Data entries
/---

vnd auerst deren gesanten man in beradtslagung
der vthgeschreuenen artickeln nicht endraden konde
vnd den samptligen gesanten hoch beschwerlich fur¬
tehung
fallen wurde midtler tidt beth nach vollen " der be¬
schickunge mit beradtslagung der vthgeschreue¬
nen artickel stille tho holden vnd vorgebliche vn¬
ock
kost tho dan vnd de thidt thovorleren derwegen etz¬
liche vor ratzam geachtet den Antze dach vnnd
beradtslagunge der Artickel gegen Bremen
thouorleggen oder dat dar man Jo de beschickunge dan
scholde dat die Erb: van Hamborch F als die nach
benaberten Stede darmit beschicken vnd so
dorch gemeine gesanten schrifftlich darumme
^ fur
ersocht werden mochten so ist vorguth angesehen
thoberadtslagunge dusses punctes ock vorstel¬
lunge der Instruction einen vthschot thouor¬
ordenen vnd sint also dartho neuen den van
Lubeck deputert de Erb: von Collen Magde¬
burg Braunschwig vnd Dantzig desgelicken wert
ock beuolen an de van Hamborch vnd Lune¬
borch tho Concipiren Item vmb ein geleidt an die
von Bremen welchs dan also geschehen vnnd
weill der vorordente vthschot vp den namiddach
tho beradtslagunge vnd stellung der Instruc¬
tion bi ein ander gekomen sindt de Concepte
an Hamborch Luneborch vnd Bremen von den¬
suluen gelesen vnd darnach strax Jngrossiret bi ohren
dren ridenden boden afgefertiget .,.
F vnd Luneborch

\---

What you have to do
Reproduce, word for word, the lines of the data from the one that contains "fallen wurde midtler" to the end, both ends included.

Exercise output
fallen wurde midtler tidt beth nach vollen " der be¬
schickunge mit beradtslagung der vthgeschreue¬
nen artickel stille tho holden vnd vorgebliche vn¬
ock
kost tho dan vnd de thidt thovorleren derwegen etz¬
liche vor ratzam geachtet den Antze dach vnnd
beradtslagunge der Artickel gegen Bremen
thouorleggen oder dat dar man Jo de beschickunge dan
scholde dat die Erb: van Hamborch F als die nach
benaberten Stede darmit beschicken vnd so
dorch gemeine gesanten schrifftlich darumme
^ fur
ersocht werden mochten so ist vorguth angesehen
thoberadtslagunge dusses punctes ock vorstel¬
lunge der Instruction einen vthschot thouor¬
ordenen vnd sint also dartho neuen den van
Lubeck deputert de Erb: von Collen Magde¬
burg Braunschwig vnd Dantzig desgelicken wert
ock beuolen an de van Hamborch vnd Lune¬
borch tho Concipiren Item vmb ein geleidt an die
von Bremen welchs dan also geschehen vnnd
weill der vorordente vthschot vp den namiddach
tho beradtslagunge vnd stellung der Instruc¬
tion bi ein ander gekomen sindt de Concepte
an Hamborch Luneborch vnd Bremen von den¬
suluen gelesen vnd darnach strax Jngrossiret bi ohren
dren ridenden boden afgefertiget .,.
F vnd Luneborch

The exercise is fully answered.